We can rest in this place of being loved. 

If God sees and delights in the everyday mundane of our lives, won’t He be filled with a Parent’s passionate care when we’re hurting?


2. God cares about our pain. 

‭‭

My son was circumcised on his 3rd day on the earth. When they brought him back into the hospital room and I saw the dried blood in his diaper, evidence of the pain his perfect brand new body had just experienced, I cried. I couldn’t stand it. My son had experienced pain and it hurt me. 

Jesus was about to raise His friend from the dead: but He first paused to feel the pain His friends were feeling. And He cried with them. 

John 11:35. 

He has wired His own affections into our DNA. 

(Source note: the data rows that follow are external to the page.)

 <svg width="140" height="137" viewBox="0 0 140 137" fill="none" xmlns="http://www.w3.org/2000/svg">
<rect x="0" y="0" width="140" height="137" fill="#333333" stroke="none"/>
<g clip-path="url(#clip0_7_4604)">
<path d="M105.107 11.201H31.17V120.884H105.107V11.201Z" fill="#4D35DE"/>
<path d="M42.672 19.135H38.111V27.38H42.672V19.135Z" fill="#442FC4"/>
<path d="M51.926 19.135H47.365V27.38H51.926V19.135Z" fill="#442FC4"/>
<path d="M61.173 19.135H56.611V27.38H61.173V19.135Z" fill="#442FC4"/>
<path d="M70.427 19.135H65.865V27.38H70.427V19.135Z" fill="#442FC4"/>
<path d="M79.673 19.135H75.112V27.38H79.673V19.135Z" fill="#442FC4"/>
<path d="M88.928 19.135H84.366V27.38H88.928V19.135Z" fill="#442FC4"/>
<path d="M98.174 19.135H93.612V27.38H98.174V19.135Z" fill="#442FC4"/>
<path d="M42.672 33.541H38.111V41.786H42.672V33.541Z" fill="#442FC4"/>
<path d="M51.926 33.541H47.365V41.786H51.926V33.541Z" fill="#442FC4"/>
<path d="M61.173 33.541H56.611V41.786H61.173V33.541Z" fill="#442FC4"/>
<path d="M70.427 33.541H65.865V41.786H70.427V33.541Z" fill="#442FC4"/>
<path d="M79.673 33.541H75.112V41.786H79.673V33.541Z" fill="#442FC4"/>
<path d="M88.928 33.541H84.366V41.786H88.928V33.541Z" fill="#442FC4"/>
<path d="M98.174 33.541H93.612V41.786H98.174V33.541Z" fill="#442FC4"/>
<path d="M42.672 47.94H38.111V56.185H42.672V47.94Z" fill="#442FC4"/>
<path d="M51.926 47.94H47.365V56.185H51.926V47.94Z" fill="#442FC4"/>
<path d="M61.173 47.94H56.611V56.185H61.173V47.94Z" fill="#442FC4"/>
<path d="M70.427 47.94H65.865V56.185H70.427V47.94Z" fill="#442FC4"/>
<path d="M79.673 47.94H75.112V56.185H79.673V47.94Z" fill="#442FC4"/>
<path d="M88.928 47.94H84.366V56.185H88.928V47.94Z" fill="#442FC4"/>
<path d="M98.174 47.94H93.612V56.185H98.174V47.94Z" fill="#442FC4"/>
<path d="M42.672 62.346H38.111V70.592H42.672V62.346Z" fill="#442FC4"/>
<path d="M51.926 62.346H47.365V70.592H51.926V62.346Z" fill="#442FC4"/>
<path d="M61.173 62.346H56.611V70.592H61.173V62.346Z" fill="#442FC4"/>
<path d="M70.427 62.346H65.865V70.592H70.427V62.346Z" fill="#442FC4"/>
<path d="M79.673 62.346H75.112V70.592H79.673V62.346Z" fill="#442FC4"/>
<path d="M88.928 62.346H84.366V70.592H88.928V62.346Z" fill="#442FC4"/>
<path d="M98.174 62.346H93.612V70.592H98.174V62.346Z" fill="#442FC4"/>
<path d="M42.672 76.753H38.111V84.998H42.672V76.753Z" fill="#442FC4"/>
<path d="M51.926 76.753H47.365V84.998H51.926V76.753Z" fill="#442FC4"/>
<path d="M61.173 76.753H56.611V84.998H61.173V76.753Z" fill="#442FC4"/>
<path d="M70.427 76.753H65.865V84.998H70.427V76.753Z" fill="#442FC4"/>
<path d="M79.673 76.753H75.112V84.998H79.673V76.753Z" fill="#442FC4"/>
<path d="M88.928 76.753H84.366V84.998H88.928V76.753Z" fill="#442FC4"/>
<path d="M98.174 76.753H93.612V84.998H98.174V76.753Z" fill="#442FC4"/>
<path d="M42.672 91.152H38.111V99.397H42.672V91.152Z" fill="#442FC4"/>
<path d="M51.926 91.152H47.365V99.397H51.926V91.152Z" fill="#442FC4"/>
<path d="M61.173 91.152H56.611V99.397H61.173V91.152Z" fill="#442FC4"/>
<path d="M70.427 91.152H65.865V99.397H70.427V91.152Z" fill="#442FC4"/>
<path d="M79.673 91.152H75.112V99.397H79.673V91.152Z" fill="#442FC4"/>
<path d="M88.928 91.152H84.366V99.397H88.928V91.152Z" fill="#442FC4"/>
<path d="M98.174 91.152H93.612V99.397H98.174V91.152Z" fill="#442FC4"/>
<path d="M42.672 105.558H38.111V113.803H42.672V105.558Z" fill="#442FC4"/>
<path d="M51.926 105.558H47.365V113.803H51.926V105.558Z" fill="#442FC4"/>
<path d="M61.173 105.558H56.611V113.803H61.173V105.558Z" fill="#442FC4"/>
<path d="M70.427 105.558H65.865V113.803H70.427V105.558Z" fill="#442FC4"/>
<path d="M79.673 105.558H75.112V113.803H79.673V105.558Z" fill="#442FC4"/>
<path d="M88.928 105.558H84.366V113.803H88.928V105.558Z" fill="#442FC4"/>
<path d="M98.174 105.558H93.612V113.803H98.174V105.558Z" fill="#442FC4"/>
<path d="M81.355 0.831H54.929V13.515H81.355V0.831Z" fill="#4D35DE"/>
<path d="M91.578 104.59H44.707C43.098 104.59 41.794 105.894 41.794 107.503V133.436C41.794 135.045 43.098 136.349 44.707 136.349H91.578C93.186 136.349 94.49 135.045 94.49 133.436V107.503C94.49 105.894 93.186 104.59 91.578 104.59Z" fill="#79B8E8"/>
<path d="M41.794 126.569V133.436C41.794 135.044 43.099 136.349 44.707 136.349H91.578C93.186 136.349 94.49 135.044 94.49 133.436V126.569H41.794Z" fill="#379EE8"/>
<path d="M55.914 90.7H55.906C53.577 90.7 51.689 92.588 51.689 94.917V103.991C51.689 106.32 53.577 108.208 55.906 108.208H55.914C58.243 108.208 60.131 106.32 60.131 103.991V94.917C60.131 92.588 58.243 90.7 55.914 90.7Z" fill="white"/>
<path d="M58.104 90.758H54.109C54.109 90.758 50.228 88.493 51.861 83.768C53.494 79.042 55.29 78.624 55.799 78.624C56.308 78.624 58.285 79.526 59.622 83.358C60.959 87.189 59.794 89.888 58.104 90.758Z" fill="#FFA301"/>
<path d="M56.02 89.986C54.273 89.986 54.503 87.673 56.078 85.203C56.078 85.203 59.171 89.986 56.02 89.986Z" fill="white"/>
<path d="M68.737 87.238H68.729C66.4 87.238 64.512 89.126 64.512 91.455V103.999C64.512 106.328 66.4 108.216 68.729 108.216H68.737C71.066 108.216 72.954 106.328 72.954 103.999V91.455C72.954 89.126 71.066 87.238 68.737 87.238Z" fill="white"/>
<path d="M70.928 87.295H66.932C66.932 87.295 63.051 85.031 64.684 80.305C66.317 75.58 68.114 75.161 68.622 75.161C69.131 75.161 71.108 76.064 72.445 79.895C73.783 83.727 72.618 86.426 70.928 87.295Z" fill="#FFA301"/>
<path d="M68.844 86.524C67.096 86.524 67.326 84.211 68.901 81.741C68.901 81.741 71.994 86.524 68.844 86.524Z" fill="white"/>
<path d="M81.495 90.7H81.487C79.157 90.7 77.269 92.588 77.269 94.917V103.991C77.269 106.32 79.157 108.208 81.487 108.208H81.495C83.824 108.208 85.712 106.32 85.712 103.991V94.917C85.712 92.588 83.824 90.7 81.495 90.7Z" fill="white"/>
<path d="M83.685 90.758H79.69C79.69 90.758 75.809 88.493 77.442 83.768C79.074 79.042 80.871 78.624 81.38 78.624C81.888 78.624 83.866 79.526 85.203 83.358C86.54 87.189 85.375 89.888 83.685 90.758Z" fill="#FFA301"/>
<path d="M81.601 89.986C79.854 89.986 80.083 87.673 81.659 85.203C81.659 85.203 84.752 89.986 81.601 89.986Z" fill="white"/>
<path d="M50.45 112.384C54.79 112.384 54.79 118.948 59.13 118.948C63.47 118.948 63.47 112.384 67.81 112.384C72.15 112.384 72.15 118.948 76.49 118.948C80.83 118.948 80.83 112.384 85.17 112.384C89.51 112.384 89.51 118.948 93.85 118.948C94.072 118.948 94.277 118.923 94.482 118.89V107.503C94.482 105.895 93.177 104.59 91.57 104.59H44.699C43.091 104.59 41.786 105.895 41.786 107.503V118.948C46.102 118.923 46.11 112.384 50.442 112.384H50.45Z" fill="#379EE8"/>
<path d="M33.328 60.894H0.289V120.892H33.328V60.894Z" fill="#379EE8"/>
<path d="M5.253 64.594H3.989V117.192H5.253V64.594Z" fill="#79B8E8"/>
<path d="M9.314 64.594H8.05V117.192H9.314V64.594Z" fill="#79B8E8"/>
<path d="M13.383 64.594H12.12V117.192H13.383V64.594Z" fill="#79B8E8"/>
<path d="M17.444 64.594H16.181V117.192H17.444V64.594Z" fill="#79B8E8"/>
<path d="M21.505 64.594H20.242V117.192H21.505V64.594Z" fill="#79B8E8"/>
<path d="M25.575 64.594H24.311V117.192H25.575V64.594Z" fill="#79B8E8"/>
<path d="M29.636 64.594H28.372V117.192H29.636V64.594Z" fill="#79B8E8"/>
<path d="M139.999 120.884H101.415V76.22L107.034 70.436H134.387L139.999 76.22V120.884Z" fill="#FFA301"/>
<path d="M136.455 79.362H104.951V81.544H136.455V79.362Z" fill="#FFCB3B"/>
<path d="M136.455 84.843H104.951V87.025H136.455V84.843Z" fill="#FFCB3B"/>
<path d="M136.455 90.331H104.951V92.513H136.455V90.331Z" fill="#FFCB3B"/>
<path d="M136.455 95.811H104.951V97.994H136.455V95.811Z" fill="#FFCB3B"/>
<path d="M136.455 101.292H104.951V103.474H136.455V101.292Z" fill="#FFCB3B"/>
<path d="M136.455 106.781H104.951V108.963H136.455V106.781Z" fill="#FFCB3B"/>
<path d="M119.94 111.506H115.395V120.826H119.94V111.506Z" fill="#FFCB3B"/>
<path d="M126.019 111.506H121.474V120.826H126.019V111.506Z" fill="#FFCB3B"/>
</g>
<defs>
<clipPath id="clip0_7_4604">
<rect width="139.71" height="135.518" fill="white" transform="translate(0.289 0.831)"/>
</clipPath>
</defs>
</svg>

God sees this pain, all of our pain, yours and mine, and He cries. 

He sees, He cares, He cries. 


3. God wants to comfort us 

When Boone is crying, all I can think about is holding him. 

The NIV Bible says “refuge” 96 times. 

Like this: 


Psalm 46:1 - God is our refuge and strength, A very present help in trouble

God knew our days would be made of pain, confusion, mess-ups, being misunderstood, funerals. What He wants to do is hold us. 

When Boone is sobbing as hard as his 8-week old body will allow, I lean over him, put my cheek right up against his, 

whisper my love into his ear. 

“It’s ok Boone, I’m here,” I say a million times a week. Doesn’t that sound familiar? Reading the Gospels, Jesus says it over and over to us. “Don’t be afraid. It’s me. I’m here.”

My mom instincts were put there by the Perfect Maker with His perfect Mom ways. God bends over us, puts His own holy cheek up against ours, whispers His love into our ears. 

I’ve been reading articles about moms and babies. 

The RIKEN Brain Science Institute in Saitama, Japan, studied the effect of a mother’s embrace on an infant - a baby’s heart rate slows immediately and crying subsides when they are picked up.

Researchers watched the behavior of 684 mother with infants in five different continents. In each place, mothers did the same thing when their infants cried: 

they picked them up, held them and talked to them. 

God has made us like Himself. 

Researchers have monitored the brains of new mothers and more experienced mothers in the U.S., China, and Italy, finding that at both experience levels, and in each place, these responses to their babies cries were deeply wired into the nervous system at an instinct level.


We've got being a refuge wired into our instincts. 


God has made us like Himself. 

Deepak Chopra, M.D. says a close attachment between a baby and mother can prevent diseases, boost immunity, and enhance IQ in the baby. While babies who are not held, nuzzled, and hugged enough can stop growing, and if the situation lasts long enough, even die. Researchers discovered this when trying to figure out why some orphanages had infant mortality rates around 30-40%.


God starts us all of like this - desperate to be held. And I think that’s because He wants us to always live like this - held by Him.

Crying is better when we’re in someone’s arms. 

Belly aches and hunger turn into heart break & cancer, and we’re still needing to be picked up and held. 


God loves us, He sees our pain, and He wants to comfort us. 

Ask Him to help you believe He wants to be your refuge. 

Invite Him to refuge you. 

Then take a moment to imagine His cheek pressed against yours.

Our souls need a refuge and God here You are.